Повесть я отправлю в «Наш современник» с просьбой прочитать её редколлегии и решить судьбу. Буде наши не захотят её печатать, что случается довольно часто, будем её пристраивать в «Новый мир», в «Знамя» или «Москву», а может, и в «Октябрь». Я уверен, что повесть твоя увидит свет в столице и тебе пора печататься здесь. Заранее могу тебя предупредить, что будут сниматься излишнее пьянство и насчёт заключённых. Судя по тому, как истреблялся в моей «Царь-рыбе» всякий намёк на заключённых, не было их у нас и нету, и хотя язык, как известно, вращается около больного зуба, это мало кого касается – была бы видимость благостного порядка и благополучия, вот что сейчас главное, чем озабочены охранители чести литературы.
Ну, Коля, ещё раз с удачей тебя! С прошедшим праздником Победы, с весной. Мне очень хочется быть вместе с вами, да плохому танцору… Привет Тамаре и Лене. Обнимаю тебя, Виктор Петрович
Дорогой Валентин!
Я после больницы вот уже больше месяца в Быковке (описался!) в Сибле! Но всё недомогаю, долгое время даже читать не мог, погода меня измучила – бесконечные дожди, холод.

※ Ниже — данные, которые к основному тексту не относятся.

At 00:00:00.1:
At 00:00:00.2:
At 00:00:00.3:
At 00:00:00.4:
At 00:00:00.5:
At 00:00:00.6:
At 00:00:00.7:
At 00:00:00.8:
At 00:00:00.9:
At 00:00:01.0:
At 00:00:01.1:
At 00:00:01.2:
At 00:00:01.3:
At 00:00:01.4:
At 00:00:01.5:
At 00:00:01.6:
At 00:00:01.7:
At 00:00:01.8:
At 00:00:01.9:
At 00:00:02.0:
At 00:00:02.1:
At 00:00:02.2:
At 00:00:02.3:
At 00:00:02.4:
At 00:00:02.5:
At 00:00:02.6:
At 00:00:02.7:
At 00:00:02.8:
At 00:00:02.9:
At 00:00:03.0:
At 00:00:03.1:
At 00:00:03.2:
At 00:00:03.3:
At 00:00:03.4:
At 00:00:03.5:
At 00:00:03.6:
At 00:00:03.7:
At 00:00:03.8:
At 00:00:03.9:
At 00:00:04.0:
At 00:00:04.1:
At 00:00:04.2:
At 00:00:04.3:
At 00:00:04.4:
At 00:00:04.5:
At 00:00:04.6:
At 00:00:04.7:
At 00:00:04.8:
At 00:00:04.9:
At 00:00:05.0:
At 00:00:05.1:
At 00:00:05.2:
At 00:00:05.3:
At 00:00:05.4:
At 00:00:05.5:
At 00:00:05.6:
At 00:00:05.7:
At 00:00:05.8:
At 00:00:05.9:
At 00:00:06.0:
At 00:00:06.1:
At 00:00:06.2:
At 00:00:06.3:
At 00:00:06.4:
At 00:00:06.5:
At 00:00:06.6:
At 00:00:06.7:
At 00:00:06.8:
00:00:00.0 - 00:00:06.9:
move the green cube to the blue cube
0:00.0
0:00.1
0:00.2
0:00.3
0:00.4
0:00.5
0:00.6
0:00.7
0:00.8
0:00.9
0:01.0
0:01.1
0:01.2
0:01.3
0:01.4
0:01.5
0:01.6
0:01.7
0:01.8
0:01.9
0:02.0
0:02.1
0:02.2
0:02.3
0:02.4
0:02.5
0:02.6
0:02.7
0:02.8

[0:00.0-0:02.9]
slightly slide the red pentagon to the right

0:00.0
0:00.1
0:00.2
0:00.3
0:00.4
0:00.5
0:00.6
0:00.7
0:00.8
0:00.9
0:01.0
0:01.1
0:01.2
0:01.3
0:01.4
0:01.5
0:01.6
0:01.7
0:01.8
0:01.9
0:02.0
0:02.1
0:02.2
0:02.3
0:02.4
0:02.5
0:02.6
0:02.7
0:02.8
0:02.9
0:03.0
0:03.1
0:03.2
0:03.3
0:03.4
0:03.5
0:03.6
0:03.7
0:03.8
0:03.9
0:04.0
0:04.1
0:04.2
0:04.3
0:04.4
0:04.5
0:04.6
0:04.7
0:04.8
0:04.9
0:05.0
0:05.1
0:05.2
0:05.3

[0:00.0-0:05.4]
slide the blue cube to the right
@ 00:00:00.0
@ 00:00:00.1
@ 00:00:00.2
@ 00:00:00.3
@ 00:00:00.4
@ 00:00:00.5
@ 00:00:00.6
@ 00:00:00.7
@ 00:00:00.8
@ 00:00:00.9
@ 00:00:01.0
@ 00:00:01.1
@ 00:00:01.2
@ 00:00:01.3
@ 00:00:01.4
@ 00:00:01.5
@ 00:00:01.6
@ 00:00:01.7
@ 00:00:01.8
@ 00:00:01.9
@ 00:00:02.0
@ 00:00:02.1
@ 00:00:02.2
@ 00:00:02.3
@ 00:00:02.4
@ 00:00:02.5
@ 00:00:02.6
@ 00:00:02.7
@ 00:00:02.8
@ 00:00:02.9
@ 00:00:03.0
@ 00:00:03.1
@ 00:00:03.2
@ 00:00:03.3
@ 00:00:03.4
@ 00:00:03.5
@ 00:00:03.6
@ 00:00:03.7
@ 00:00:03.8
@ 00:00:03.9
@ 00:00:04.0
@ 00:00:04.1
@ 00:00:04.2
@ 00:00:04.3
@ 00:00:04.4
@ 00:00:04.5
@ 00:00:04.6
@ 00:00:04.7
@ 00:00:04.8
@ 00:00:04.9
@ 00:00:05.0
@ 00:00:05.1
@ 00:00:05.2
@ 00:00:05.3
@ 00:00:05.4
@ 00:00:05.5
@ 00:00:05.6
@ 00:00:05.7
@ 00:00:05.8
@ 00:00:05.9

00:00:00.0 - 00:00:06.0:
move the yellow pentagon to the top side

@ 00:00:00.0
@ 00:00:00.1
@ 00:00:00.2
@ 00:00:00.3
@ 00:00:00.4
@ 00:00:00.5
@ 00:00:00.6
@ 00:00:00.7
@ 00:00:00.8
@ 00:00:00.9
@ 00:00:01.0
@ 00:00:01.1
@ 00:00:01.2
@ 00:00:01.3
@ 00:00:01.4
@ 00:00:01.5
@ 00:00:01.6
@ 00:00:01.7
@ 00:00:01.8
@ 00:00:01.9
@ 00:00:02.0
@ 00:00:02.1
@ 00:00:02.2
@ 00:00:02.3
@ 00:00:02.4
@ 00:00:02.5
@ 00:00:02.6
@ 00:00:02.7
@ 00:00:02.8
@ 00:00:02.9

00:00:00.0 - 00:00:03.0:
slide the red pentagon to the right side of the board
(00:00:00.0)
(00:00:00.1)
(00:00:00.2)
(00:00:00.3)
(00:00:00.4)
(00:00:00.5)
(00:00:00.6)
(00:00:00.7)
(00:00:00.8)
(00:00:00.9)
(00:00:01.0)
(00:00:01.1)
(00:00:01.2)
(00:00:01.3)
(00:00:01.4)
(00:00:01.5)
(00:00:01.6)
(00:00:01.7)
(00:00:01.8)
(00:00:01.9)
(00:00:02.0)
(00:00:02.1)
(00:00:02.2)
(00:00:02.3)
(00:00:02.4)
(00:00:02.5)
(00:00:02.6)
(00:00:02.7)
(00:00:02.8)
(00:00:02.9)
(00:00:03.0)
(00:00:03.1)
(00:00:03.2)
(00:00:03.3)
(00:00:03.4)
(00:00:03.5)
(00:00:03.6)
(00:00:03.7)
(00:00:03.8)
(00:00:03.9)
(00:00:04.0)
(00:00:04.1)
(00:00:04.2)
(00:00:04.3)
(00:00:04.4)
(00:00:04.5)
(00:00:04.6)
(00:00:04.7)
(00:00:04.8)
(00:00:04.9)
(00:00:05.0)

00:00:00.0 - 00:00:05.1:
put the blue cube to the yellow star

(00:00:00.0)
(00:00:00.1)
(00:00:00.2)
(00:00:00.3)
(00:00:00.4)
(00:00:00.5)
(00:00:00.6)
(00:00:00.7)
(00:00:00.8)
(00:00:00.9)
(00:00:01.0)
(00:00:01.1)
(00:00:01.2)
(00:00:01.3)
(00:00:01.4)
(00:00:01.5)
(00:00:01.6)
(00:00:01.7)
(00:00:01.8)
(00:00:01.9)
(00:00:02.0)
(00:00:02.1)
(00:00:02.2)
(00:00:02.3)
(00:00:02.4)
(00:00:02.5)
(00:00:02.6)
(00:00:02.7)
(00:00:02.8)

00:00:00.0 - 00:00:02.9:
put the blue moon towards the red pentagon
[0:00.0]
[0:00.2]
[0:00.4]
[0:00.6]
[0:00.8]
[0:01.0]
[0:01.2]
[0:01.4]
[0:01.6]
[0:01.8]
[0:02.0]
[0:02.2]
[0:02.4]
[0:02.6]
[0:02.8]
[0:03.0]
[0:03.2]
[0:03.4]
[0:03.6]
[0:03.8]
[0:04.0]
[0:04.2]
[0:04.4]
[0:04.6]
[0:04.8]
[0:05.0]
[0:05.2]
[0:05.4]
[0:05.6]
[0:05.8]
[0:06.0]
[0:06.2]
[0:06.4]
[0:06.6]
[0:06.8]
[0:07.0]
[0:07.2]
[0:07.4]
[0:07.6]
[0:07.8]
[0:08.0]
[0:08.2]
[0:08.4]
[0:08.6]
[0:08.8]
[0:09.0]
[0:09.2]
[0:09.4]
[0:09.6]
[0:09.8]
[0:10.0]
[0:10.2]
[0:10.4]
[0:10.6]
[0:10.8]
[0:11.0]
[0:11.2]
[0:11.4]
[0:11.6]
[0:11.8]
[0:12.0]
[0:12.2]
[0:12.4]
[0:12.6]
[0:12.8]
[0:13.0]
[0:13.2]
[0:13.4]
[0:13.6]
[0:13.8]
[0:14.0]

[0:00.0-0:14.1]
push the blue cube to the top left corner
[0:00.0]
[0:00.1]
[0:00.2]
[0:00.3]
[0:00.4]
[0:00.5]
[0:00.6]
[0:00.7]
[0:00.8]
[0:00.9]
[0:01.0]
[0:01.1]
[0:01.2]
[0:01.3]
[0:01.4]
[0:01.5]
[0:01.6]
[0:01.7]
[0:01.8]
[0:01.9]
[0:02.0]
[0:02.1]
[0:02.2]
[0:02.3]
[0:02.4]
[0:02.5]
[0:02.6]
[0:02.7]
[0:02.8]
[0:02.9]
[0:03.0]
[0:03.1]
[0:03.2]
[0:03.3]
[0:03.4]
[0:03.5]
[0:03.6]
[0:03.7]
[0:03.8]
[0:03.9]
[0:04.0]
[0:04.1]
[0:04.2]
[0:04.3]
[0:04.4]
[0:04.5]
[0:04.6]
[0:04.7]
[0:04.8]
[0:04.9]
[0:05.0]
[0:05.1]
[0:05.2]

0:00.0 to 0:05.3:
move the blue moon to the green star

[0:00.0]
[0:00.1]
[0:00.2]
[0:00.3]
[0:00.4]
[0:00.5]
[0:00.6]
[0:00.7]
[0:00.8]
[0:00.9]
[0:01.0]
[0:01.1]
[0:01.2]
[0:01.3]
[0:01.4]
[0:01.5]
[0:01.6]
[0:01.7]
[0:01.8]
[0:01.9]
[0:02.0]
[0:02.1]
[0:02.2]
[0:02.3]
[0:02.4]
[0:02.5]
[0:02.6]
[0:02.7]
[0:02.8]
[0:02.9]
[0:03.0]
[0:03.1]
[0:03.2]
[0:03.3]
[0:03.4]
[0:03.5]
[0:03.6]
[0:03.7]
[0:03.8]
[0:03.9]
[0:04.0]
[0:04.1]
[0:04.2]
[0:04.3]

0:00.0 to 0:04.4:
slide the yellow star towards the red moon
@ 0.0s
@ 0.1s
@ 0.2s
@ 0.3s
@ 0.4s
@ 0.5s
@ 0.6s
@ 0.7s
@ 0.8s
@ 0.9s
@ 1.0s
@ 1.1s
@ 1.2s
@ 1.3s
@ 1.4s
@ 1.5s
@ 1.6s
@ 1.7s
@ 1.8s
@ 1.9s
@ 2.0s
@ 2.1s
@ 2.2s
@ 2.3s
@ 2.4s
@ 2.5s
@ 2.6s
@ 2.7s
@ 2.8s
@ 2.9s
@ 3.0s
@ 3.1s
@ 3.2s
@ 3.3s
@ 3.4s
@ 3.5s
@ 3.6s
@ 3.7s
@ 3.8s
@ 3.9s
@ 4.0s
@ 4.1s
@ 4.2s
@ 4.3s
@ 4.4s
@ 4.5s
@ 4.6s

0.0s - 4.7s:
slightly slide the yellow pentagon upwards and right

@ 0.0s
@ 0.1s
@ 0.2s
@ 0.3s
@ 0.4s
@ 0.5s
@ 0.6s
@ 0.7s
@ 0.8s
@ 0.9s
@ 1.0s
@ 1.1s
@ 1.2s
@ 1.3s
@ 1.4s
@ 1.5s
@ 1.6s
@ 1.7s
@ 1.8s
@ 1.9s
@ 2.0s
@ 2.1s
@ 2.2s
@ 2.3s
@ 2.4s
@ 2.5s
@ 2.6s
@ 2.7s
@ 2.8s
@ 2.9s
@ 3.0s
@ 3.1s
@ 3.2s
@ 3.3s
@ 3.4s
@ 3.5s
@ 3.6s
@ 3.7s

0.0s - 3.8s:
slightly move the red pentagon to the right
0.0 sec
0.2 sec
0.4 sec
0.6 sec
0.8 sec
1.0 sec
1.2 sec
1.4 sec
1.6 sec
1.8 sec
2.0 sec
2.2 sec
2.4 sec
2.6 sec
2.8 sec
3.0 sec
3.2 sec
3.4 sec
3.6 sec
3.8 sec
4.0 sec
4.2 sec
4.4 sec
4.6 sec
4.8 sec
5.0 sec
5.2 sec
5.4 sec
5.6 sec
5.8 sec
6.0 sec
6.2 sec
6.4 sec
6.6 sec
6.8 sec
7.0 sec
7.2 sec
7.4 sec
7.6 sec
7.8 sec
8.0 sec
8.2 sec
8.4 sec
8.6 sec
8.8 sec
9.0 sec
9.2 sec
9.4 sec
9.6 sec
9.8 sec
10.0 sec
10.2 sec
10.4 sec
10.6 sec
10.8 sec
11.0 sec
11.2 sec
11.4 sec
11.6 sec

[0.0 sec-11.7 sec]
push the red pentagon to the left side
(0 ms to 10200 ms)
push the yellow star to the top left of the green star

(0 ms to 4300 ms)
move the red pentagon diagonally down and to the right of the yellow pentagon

Мария Семёновна занята в городе внуком, наезжает сюда на денёк-другой, но вот и дороги размыло, и всё уже кругом плывёт, река вышла из берегов, в деревню уже въехать невозможно, так днями буду выбираться в город. Надо потихоньку складывать чемодан, ехать на съезд писателей, да и дел скопилось много.
«Царь-рыба» моя подошла к концу в печатании в журнале, потери в повести огромны, особенно досталось второму куску в пятом номере[133]
. Много нервов, много сил взяла эта «редактура», на душе было горько и пусто, недоумение брало – уж если это режут и порют, то что же тогда будет, если поплотнее навалиться на то, что называется правдой? Страшна она, матушка, ох страшна! Вот и не подпускают, ведут отстрел с упреждением.